Les startups allemandes obtiennent plus de financement pour l'IA et la défense

Les startups technologiques allemandes bénéficient d'un boom dans l'intelligence artificielle et la défense, attendant recevoir 7,4 milliards de dollars d'investissements cette année. Cela représente une augmentation de dix pour cent par rapport à 2024, selon un rapport de la société de capital-risque Atomico. L'Allemagne se classe deuxième en Europe derrière le Royaume-Uni.

La société de capital-risque basée à Londres, Atomico, estime dans son onzième rapport sur l'état de la scène des startups en Europe que les entreprises technologiques en Allemagne recevront environ 7,4 milliards de dollars (environ 6,4 milliards d'euros) des investisseurs cette année. Cela représente une croissance de plus de dix pour cent par rapport à 2024. À travers l'Europe, les investissements en capital-risque devraient augmenter de sept pour cent pour atteindre 44 milliards de dollars.

«La technologie n'est plus seulement un secteur économique aujourd'hui», a déclaré Tom Wehmeier, partenaire chez Atomico. «En tant que force motrice, elle façonne notre administration, notre défense, notre approvisionnement en énergie, notre banque ou notre santé aujourd'hui. »

Un tiers des fonds européens, soit 36 pour cent, va aux deep tech et à l'intelligence artificielle. Le secteur de la défense croît particulièrement fortement : les investissements dans les solutions technologiques pour l'industrie de la défense ont augmenté de 55 pour cent pour atteindre 1,6 milliard de dollars. La startup basée à Munich, Helsing, spécialisée dans l'IA pour les entreprises de défense, a levé environ 660 millions de dollars en juin.

L'Allemagne gagne également du terrain auprès des investisseurs : alors que Londres accueillait huit des dix plus grands fonds de capital-risque européens en 2024, trois fonds allemands ont accédé au top dix cette année.

Pour 2025, Atomico prévoit environ 14 milliards d'euros d'investissements en IA en Europe, avec des leaders comme DeepL de Cologne, Aleph Alpha de Heidelberg et Lovable de Stockholm. Cependant, les États-Unis sont loin devant : 146 milliards de dollars iront à l'IA là-bas cette année — plus de dix fois plus. L'Europe égalise les États-Unis en termes de startups fondées mais manque de capital. Les grandes entreprises technologiques envisagent de plus en plus de déménager aux États-Unis avec ses grands investisseurs.

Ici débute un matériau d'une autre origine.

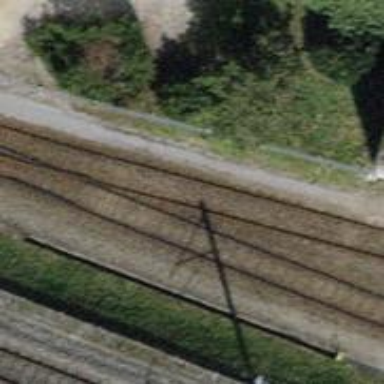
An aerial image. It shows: Single railway spur track.
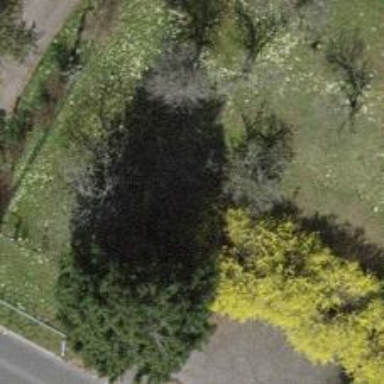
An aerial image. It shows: Garden with deciduous broadleaved trees.

Les investissements en capital-risque des fonds de pension en Europe sont trois fois inférieurs à ceux des États-Unis, en particulier dans la région germanophone.

Atomico appelle l'Europe à voir l'entrepreneuriat de manière plus positive. Seulement 20 pour cent des grandes entreprises collaborent avec des startups, contre 50 pour cent aux États-Unis. Neuf pour cent des contrats publics en Europe vont aux innovations, contre 20 pour cent aux États-Unis. Les réglementations nationales fragmentent l'Europe : un cadre unifié est nécessaire pour permettre aux fondateurs de «s'établir numériquement en 48 heures, de lever des capitaux et d'opérer sans couture à travers les frontières».